An upgrade from 14.06 to 14.10 broke several applications for which no update was available. I will be cleaning those up and then proceeding with an upgrade to 15.x this evening. This is somewhat involved so may not be finished for several days.
I will be taking the big server that houses all users home directory off line to add additional hard drives Friday evening probably starting around 10:30PM. This will require pausing incoming e-mail as well since .procmailrc files and local e-mail boxes reside in home directories. Shell servers will be unavailable and all web services will be down. I expect this maintenance to take less than an hour.
Later in the morning I will be booting some servers into 5.1 kernels. 5.0.0 has proven to be an extremely unstable kernel so trying to get everything off of it before it breaks anything else like it did this morning. This will only involve brief outages.
Sometime this morning Igloo, the server that hosts the mail spool, just stopped serving files in /mail via NFS. It wasn’t a case of NFS dying altogether as other files systems still worked.
I wasn’t able to troubleshoot much further because when I got to the co-location facility, the console was dead and it would not allow remote logins. I was forced to power cycle to reboot after which everything appeared normal.

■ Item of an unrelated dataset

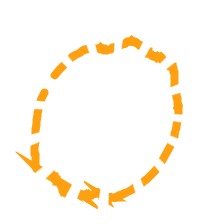
Shape: circle
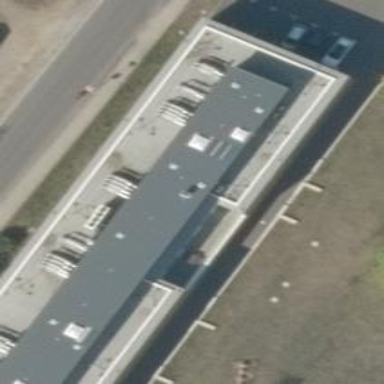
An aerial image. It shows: Commercial building.

These machines were recently upgraded from Ubuntu 18.10 to 19.04 and that upgrade included the first 5.0.0 Linux kernel. I have had issues with that kernel on other machines and have resolved them by compiling 5.1 which appears to be more stable. I am doing that for this machine now which means there will be an additional interruption when I boot into the new kernel.
For workstations 19.04 is mostly okay, for servers it’s a piece of crap and has kept me up all night last night and tonight fixing things it broke. The new kernel, 5.0.0-14 is basically non-functional, networking either doesn’t work at all or randomly goes away. One machine went into hibernate mode all by it’s lonesome. I am so disappointed that Canonical would release such a half-baked distribution, not at all like them.
Well hopefully I will get home and things will be working this time. I am tired and hungry.
I got about 30% of what I set out to do tonight done. Consequently there will be additional downtime tonight and next weekend. I’m going to have to order an external case. I thought I had more internal drive bays than I do.
We found servers in our logs that were not in our server configuration.
Further investigation determined that GlobalPOPs had added additional radius servers but had not informed us. Requests coming from new servers not in our configuration were rejected causing authentication failures.
I obtained a complete list of their radius servers, added it to our clients.conf file and now authentication is functioning again.
Presently, our dial-up customers are unable to authenticate.
We have tested our radius authentication servers and those of our wholesale provider and found the issue to be with the providers authentication servers.
I attempted to generate a ticket via the normal means at GlobalPops loginto.us website and found the ticket link broken on their website as well.
Since they normally do not allow phone tech support and have no means of contacting other than the now broken ticket system, I called their retail dial-up center and got them to generate a ticket for me. I was assured I would receive a copy in my e-mail and someone would contact me but so far neither has occurred.
Work I had planned for Friday Evening / Saturday Morning will be rescheduled for Saturday Evening / Sunday morning owing to it taking me longer to get things prepared than I had anticipated.
Late Friday evening into early Saturday there will be some downtime for system maintenance. First probably around 10:30, I will be taking the server that hosts home directories, out of service for up to an hour. The reason for this is I will be adding a pair of 10TB drives to allow us to increase the size of the /home directory partition.
Next I will be moving home directories to this new partition. While this process will take some time, only during the final aspect when I am ready to switch partitions, will additional downtime be required. At that point I will need to reboot the machine.
Then I will need to reboot a number of other machines in order to make a kernel upgrade active.
Warning!!!! This security exploit has not been widely published but it IS actively being exploited. Someone caused my server that houses our customers /home directories to spontaneously reboot trying to exploit it. Fortunately the kernel logged their attempts. See: https://www.kernel.org/doc/html/latest/admin-guide/l1tf.html In our cause I performed measurements on system load, web page loading times and latency with and without this CPU feature turned off and in our case it made no measurable difference so I turned it off with: echo ‘off’ > /sys/devices/system/cpu/smt/control. I put this in /etc/rc.local which is enabled on our machines for this and some other adjustments.